PROBLEM.
Take the lines from the line containing "Listed below are" through the end of the entries and output them exactly, with no pictures and nothing more.

DATA TO EXAMINE.
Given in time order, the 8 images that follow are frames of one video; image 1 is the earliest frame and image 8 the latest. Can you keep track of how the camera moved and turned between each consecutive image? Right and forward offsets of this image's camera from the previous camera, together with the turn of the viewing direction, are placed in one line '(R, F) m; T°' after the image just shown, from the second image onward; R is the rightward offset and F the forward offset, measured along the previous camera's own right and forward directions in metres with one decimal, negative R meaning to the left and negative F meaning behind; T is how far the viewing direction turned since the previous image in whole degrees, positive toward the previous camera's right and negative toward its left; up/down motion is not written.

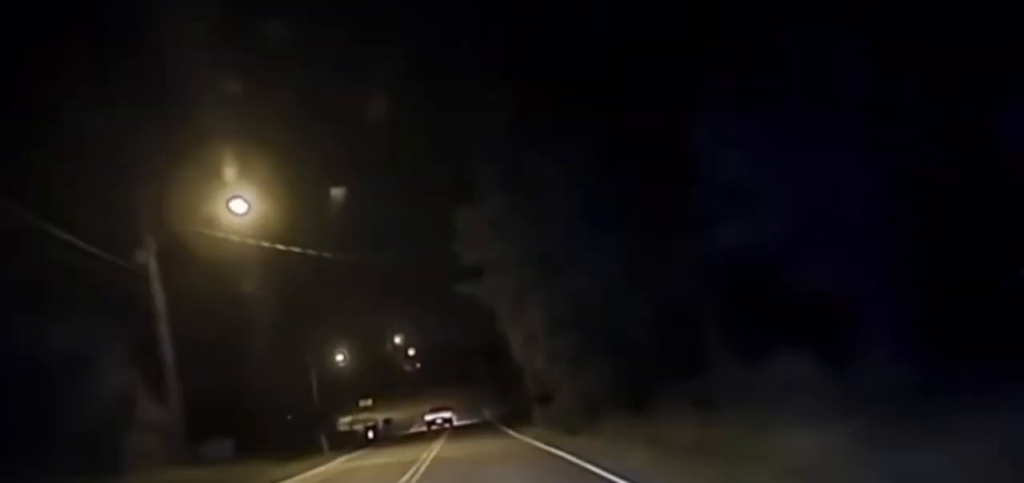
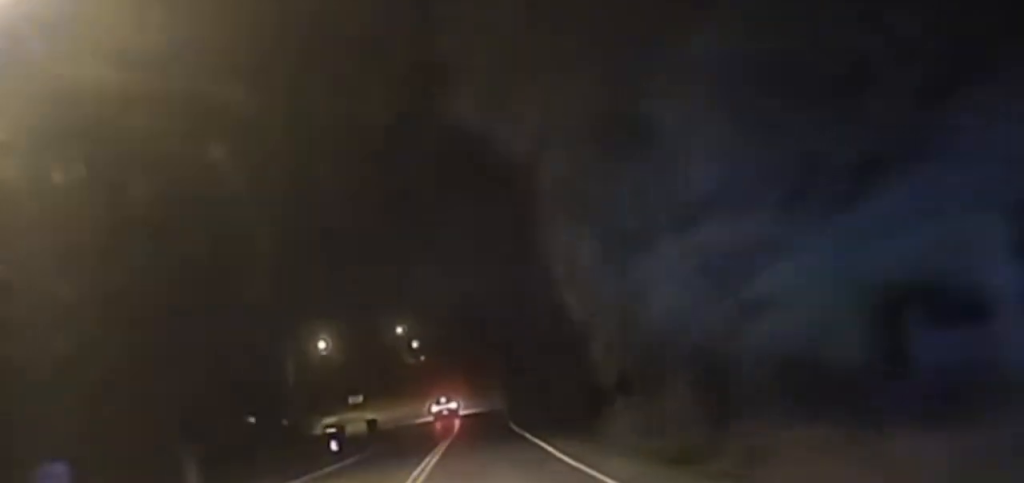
(-0.1, +20.0) m; 0°
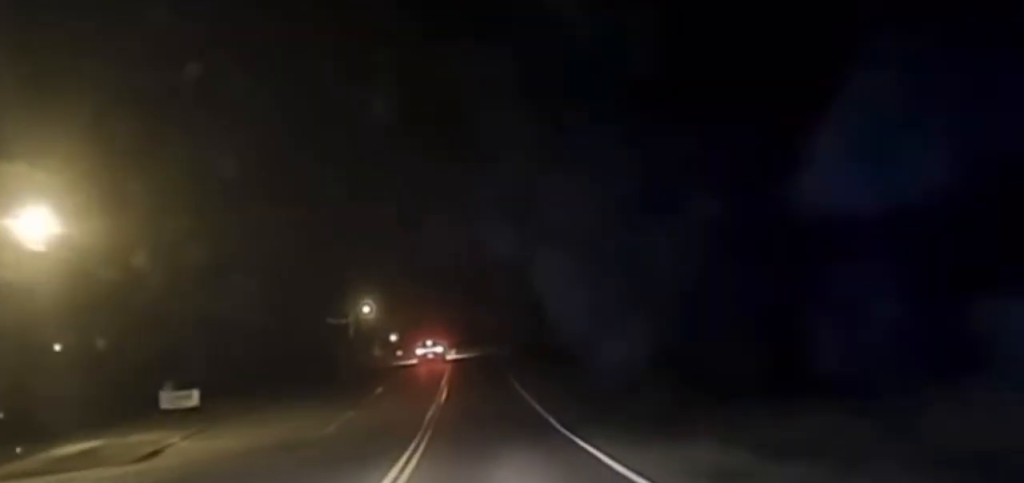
(+0.2, +74.4) m; 0°
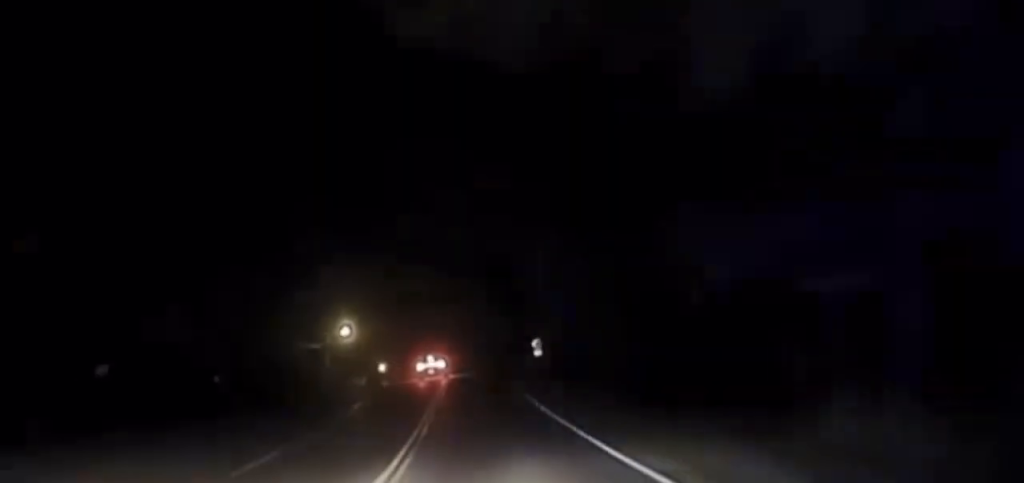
(-0.1, +32.9) m; 0°
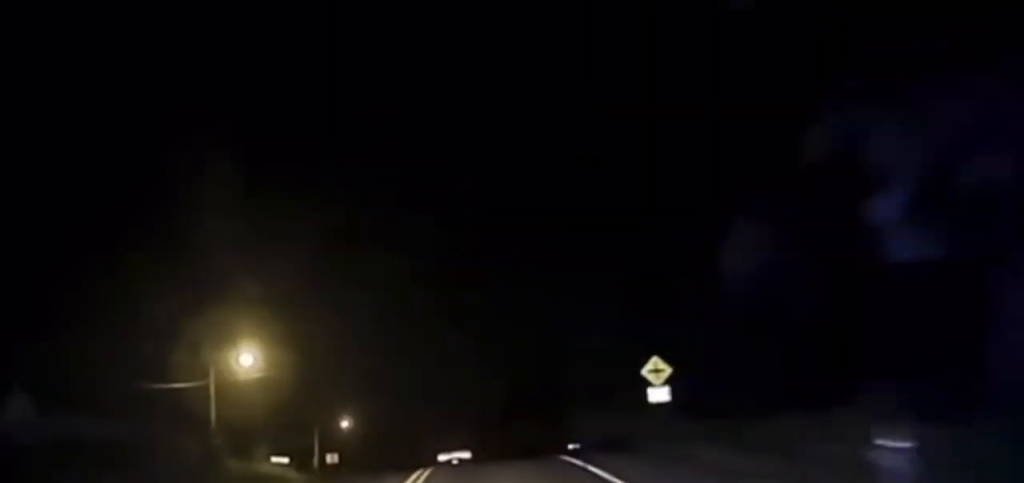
(+0.3, +77.3) m; +1°
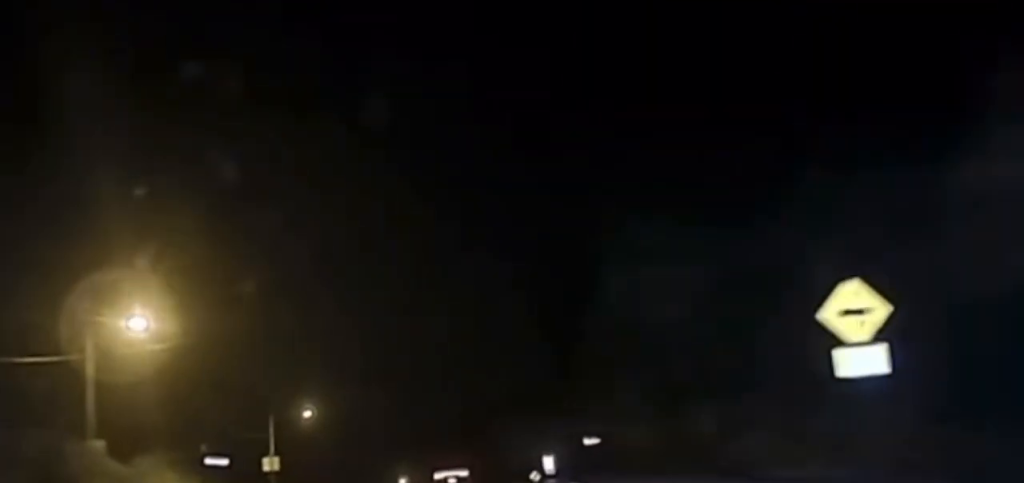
(+0.1, +27.1) m; 0°
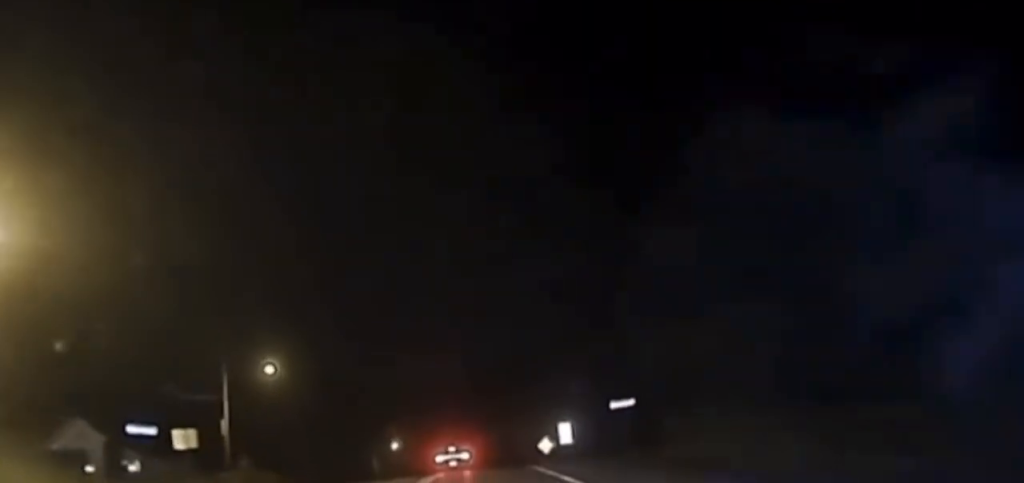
(0.0, +18.6) m; 0°
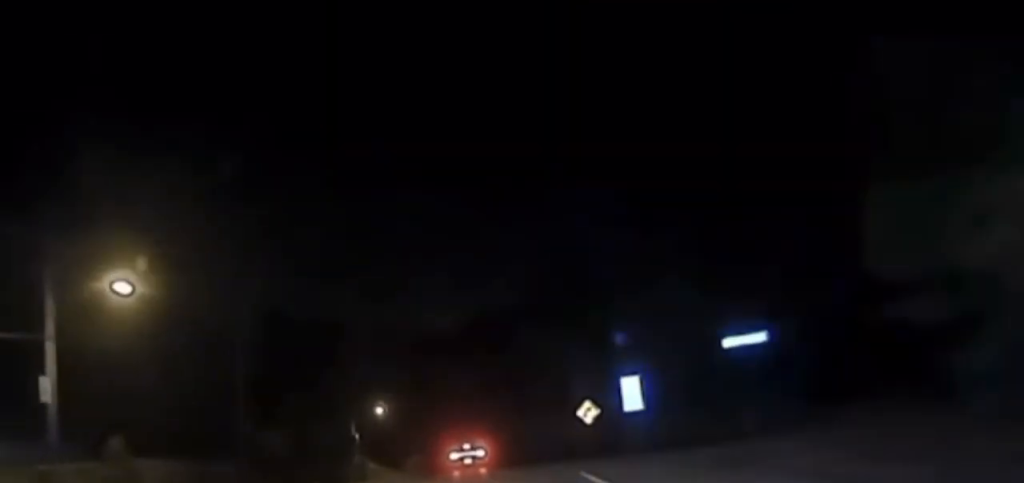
(-0.2, +30.7) m; 0°
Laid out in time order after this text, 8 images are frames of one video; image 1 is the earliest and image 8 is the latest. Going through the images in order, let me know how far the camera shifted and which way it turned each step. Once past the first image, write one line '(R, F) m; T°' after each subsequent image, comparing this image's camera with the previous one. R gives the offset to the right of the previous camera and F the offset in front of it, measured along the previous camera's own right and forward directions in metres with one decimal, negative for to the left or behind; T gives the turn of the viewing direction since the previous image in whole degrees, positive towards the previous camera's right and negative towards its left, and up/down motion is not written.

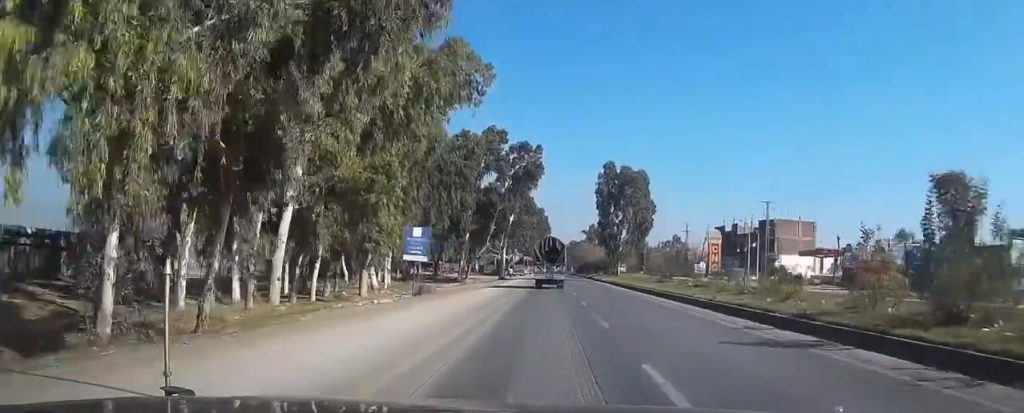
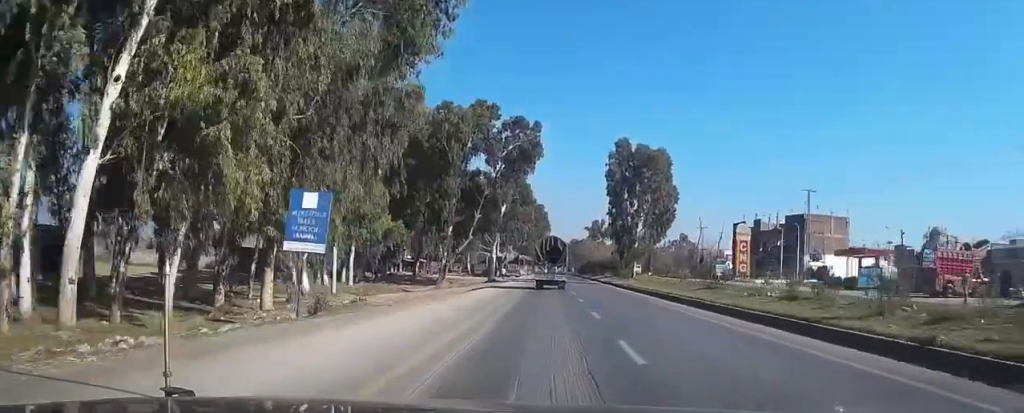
(0.0, +15.1) m; -1°
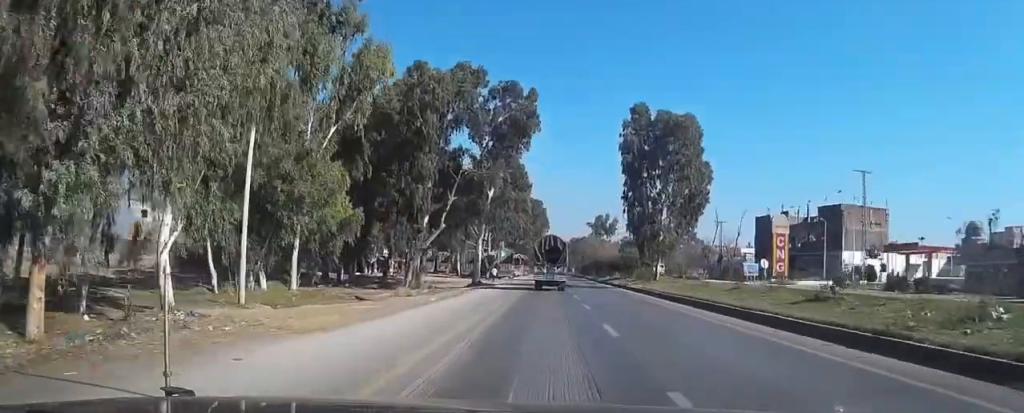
(-0.2, +15.0) m; 0°
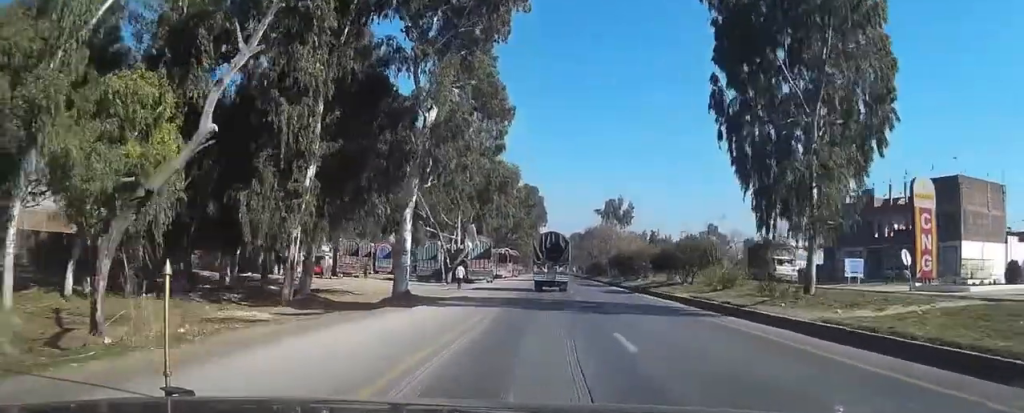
(+0.1, +29.7) m; 0°
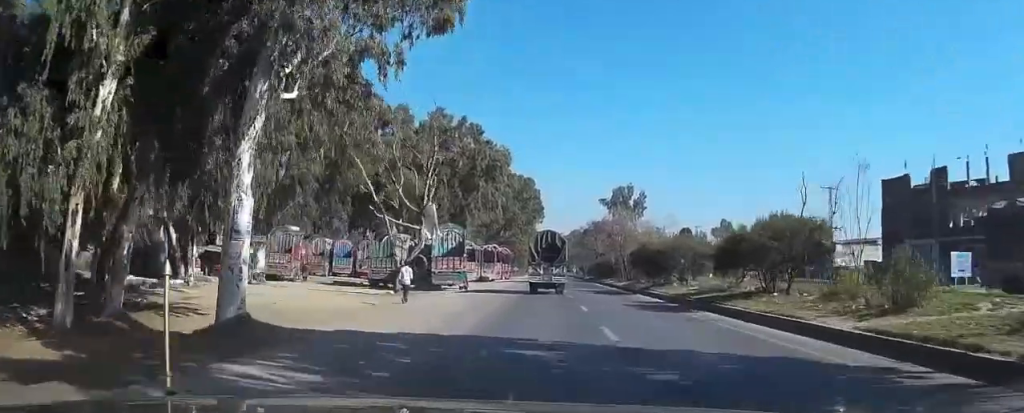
(0.0, +16.9) m; -1°
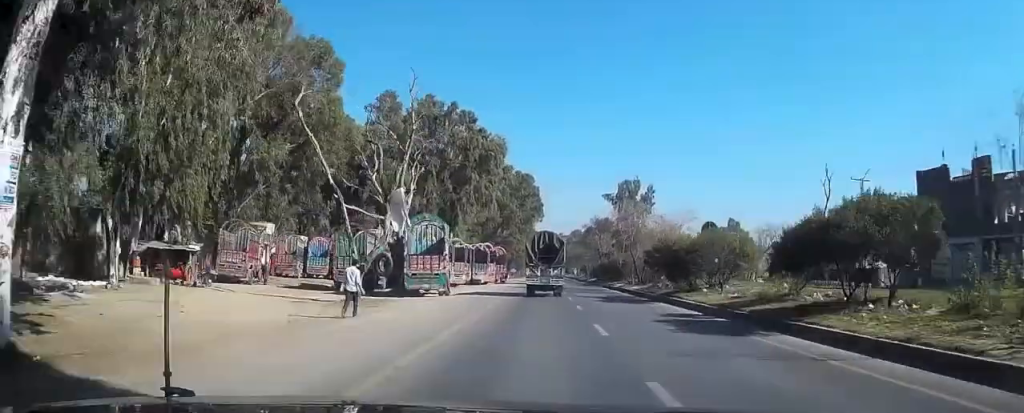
(-0.1, +7.8) m; 0°
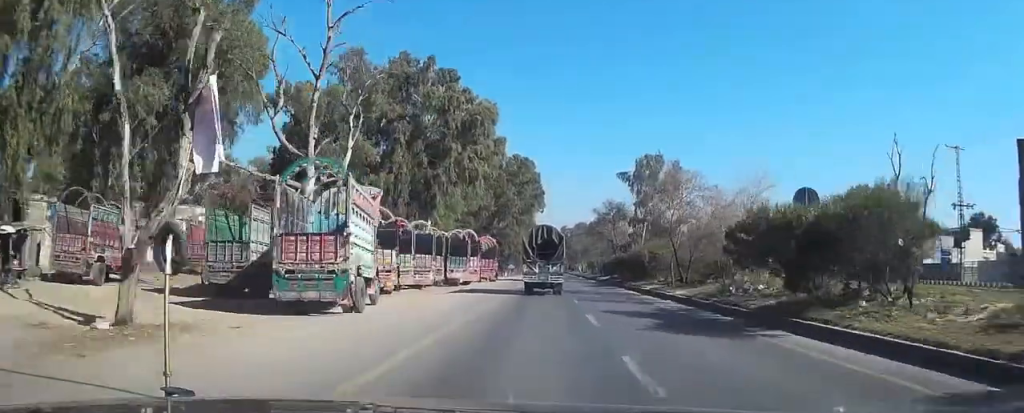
(0.0, +16.0) m; +1°
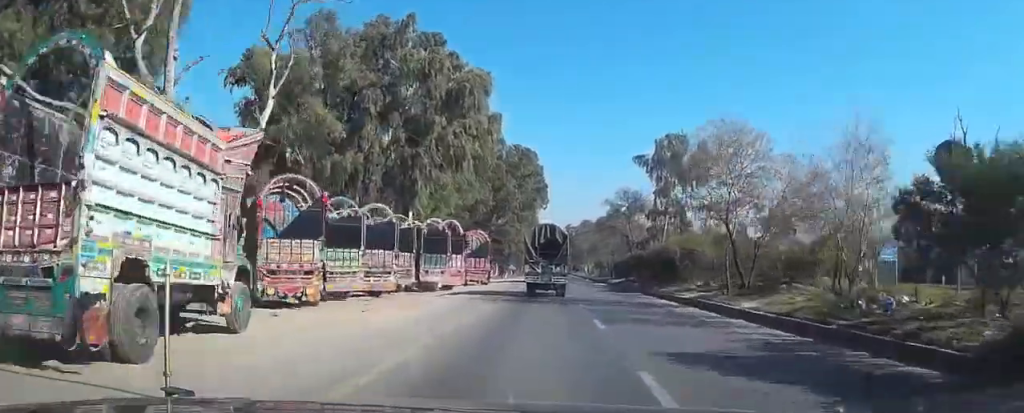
(+0.1, +10.2) m; +1°
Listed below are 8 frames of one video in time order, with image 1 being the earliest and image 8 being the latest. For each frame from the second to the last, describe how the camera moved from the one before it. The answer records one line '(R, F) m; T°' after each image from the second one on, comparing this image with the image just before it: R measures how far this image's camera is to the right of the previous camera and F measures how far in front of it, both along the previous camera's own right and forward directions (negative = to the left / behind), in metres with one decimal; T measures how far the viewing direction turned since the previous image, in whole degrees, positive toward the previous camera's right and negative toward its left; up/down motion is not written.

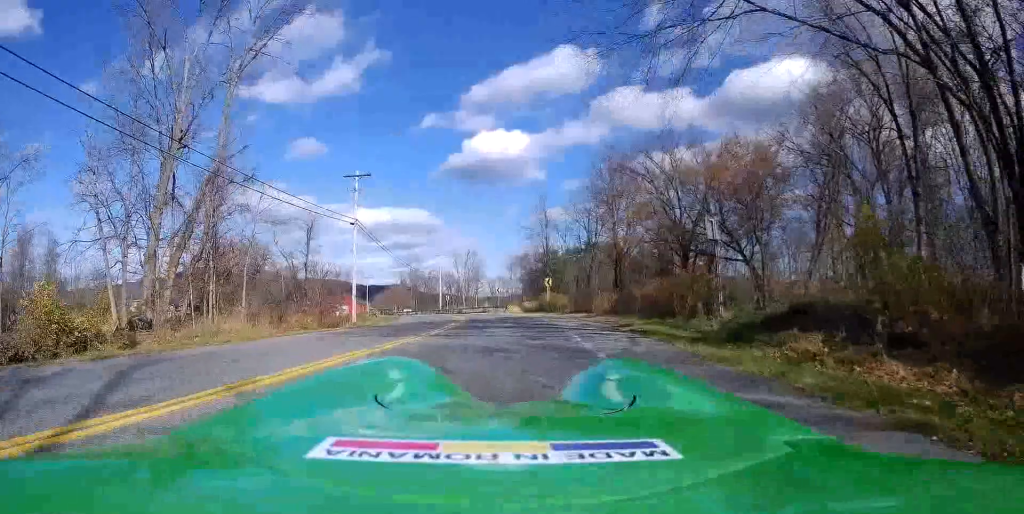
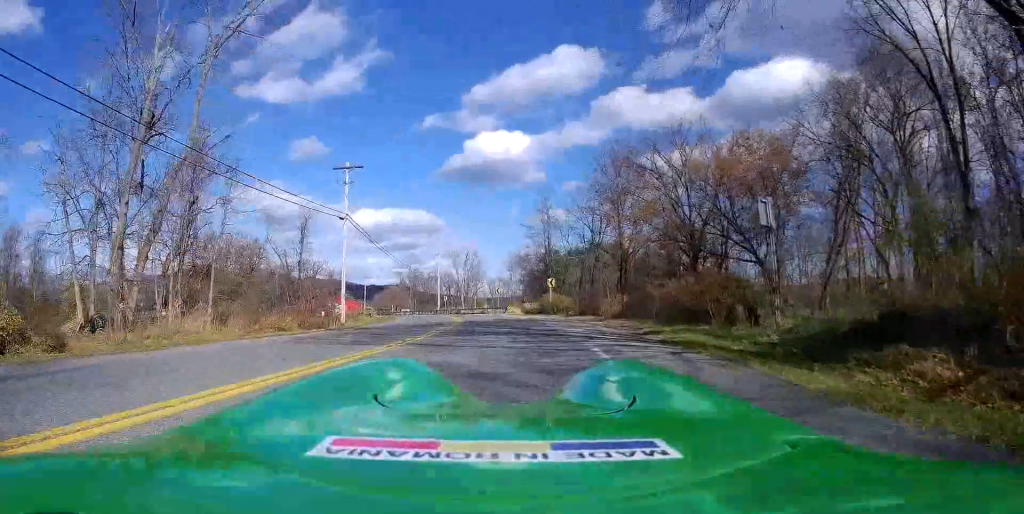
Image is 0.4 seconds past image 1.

FINAL ANSWER.
Listed below are 8 frames of one video in time order, with image 1 being the earliest and image 8 being the latest. For each frame from the second to the last, describe how the camera moved from the one before it. The answer records one line '(R, F) m; T°' after each image from the second one on, comparing this image with the image just before it: R measures how far this image's camera is to the right of the previous camera and F measures how far in front of it, both along the previous camera's own right and forward directions (negative = to the left / behind), in metres with one decimal; T measures how far the viewing direction turned since the previous image, in whole degrees, positive toward the previous camera's right and negative toward its left; up/down motion is not written.

Image is 0.4 seconds past image 1.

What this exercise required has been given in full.